1.) A bit more of a dramatic body positioning exercise but something that helped me as I had a LOT of ingrained muscle memory so I almost felt like I needed "bigger" steps. I placed my downhill hand (I ride goofy, so right hand) near my left shoulder. Think of it like placing your hand over your heart when saying "The Pledge of Allegiance" but hand placement is farther over. When riding with a small backpack, I'd go as far as to grip the shoulder strap on my uphill shoulder (left). With my other hand, I would bring it around behind my back with the back of my hand resting against the small of my back - like a one-handed Parade Rest. Riding like this helped to keep me from opening my chest downhill. The downside for me was my right arm across my body (Pledge of Allegiance) tended to make it harder for me to turn my head fully 90 degrees to look downhill.

2.) Like the one above, instead of placing my hand on my thigh I lightly grip a section of my pants, between the cargo pocket and top of thigh.

MeanJoe


----------



## jml22 (Apr 10, 2012)

I did, hands in the pocket to get the feeling down.


----------



## cb1021 (Nov 21, 2010)

Another tip is to set the binding angles low, ie. 5/-5. This way, as soon as you open your chest to the bottom of the hill, you will come to a full stop giving you a warning. Also it just makes the stance easier in general.

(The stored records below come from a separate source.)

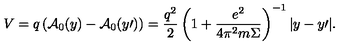
V = q \left( { { \cal A } _ { 0 } ( y ) - { \cal A } _ { 0 } ( y { \prime } ) } \right) = \frac { { q ^ { 2 } } } { 2 } \left( { 1 + \frac { { e ^ { 2 } } } { { 4 \pi ^ { 2 } m \Sigma } } } \right) ^ { - 1 } | y - y { \prime } | .
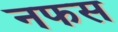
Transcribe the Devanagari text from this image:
नफस
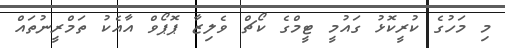
މި މަހުގެ ކުރީކޮޅު ގައުމީ ޓީމްގެ ކޯޗް ވެލިޒާ ޕޮޕޯވް އާއެކު ތަމްރީނުތައް
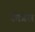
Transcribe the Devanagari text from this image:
कीप्रेस
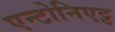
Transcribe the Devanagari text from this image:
एन्टोनिएट्ट
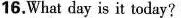
16.What day is it today?
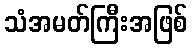
သံအမတ်ကြီးအဖြစ်
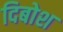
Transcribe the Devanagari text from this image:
दिबोश
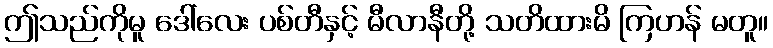
ဤသည်ကိုမူ ဒေါ်လေး ပစ်တီနှင့် မီလာနီတို့ သတိထားမိ ကြဟန် မတူ။
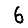
Digit: 6
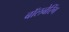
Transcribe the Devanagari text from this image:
बॉलबेरिंग
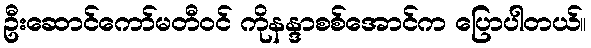
ဦးဆောင်ကော်မတီဝင် ကိုနန္ဒာစစ်အောင်က ပြောပါတယ်။
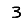
Digit: 3
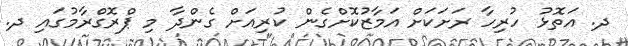
ދ. އަތޮޅު ހުރިހާ ރަށަކަށް އަމާޒުކޮށްގެން ކުރިއަށް ގެންދާ މި ޕްރޮގްރާމުގައި ދ.
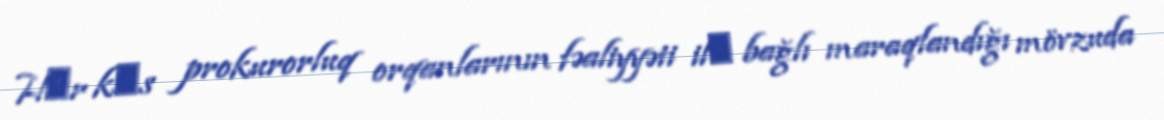
Hәr kәs prokurorluq orqanlarının fəaliyyəti ilә bağlı maraqlandığı mövzuda
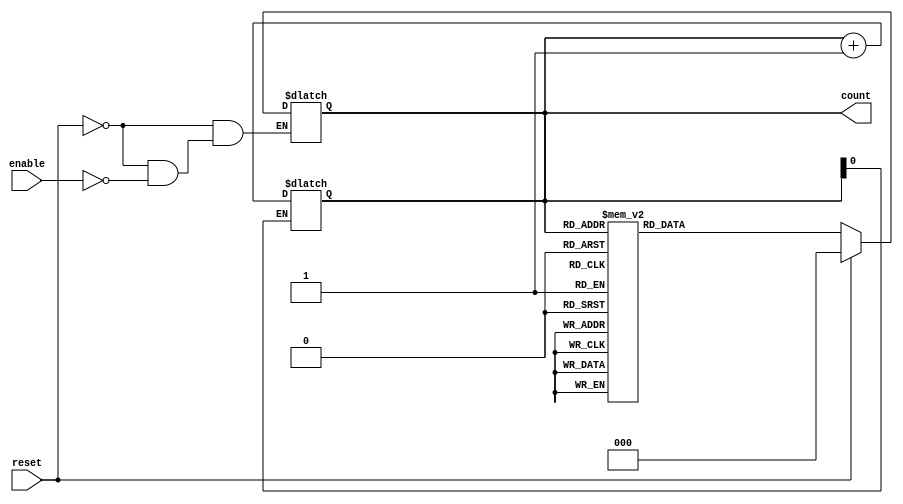
module mod_n_async_counter (
    input wire reset,          // Asynchronous reset
    input wire enable,        // Enable signal for counting
    output reg [2:0] count    // 3-bit output for the counter (for Mod-8)
);

// Asynchronous reset and counting logic
always @(*) begin
    if (reset) begin
        count = 3'b000; // Reset the counter to 0
    end else if (enable) begin
        // Count logic: Increment the counter on the falling edge of the LSB
        case (count)
            3'b000: count = 3'b001;
            3'b001: count = 3'b010;
            3'b010: count = 3'b011;
            3'b011: count = 3'b100;
            3'b100: count = 3'b101;
            3'b101: count = 3'b110;
            3'b110: count = 3'b111;
            3'b111: count = 3'b000; // Wrap around to 0
            default: count = 3'b000; // Safety default
        endcase
    end
end

// Trigger counting on the falling edge of the LSB
always @(count[0]) begin
    if (!count[0]) begin // Falling edge of LSB
        count <= count + 1; // Increment the counter
    end
end

endmodule

If you look at hard-boot riders, you see that their chest is always open. That's probably because they have a wide angle on their board making that open chest natural posture. It's hard to have let's say 15/-15 on a twintip board and not to have chest open, especially for beginners. You can force it by keeping your hands in your pockets, but that's not natural posture as soon as you want to use your arms for balance.


----------



## jml22 (Apr 10, 2012)

well you couple it with forcing yourself to leverage your board properly and bend/squatand torsion the board opposed to swinging your arms around to do the same .


----------



## mastershake (Jan 9, 2012)

cb1021 said:


> Another tip is to set the binding angles low, ie. 5/-5. This way, as soon as you open your chest to the bottom of the hill, you will come to a full stop giving you a warning. Also it just makes the stance easier in general.
> 
> If you look at hard-boot riders, you see that their chest is always open. That's probably because they have a wide angle on their board making that open chest natural posture. It's hard to have let's say 15/-15 on a twintip board and not to have chest open, especially for beginners. You can force it by keeping your hands in your pockets, but that's not natural posture as soon as you want to use your arms for balance.


this is actually quite interesting. personally i ride 18/-9 (i will probably lower 18 to 15 or 12 soon) but i see what you mean...and i think park riders in duck stance tend to need their chest open a lot more than when riding which makes sense...


----------



## liner (Jan 8, 2013)

another way would be to hold on with both hands to the bottom of your jacket. Keeps your shoulders nice and controlled, and the stress when you twist your torso lets you know when you open/close them.


----------